Ludovic Tanguy, Franck Sajous, Basilio Calderone and Nabil Hathout 2012 Notebook for PAN at CLEF 2012 Rome, Italy [ PDF article ] L. Tanguy, F. Sajous, B. Calderone and N. Hathout (2011). Authorship Attribution: Using Rich Linguistic Features when Training Data is Scarce. Notebook for PAN at CLEF 2012, Rome, Italy. [ .bib ] We describe here the technical details of our participation to PAN 2012's “traditional” authorship attribution tasks. The main originality of our approach lies in the use of a large quantity of varied features to represent textual data, processed by a maximum entropy machine learning tool. Most of these features make an intensive use of natural language processing annotation techniques as well as generic language resources such as lexicons and other linguistic databases.
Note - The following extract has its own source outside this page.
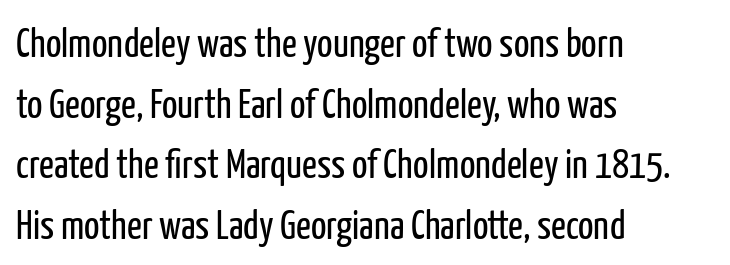
The image shows 41 px regular-weight, condensed sans-serif type, upright; set left-aligned, normal line spacing (1.48x), normal letter spacing, not underlined; low stroke contrast and a medium x-height.

Some of the features were even designed specifically for the target data type (contemporary fiction). Our belief is that richer features, that integrate external knowledge about language, have an advantage over knowledge-poorer ones (such as words and character n-grams frequencies) when training data is scarce (both in raw volume and number of training items for each target author). Although overall results were average (66% accuracy over the main tasks for the best run), we will focus in this paper on the differences between feature sets. If the “rich” linguistic features have proven to be better than trigrams of characters and word frequencies, the most efficient features vary widely from task to task. For the intrusive paragraphs tasks, we got better results (73 and 93%) while still using the maximum entropy engine as an unsupervised clustering tool.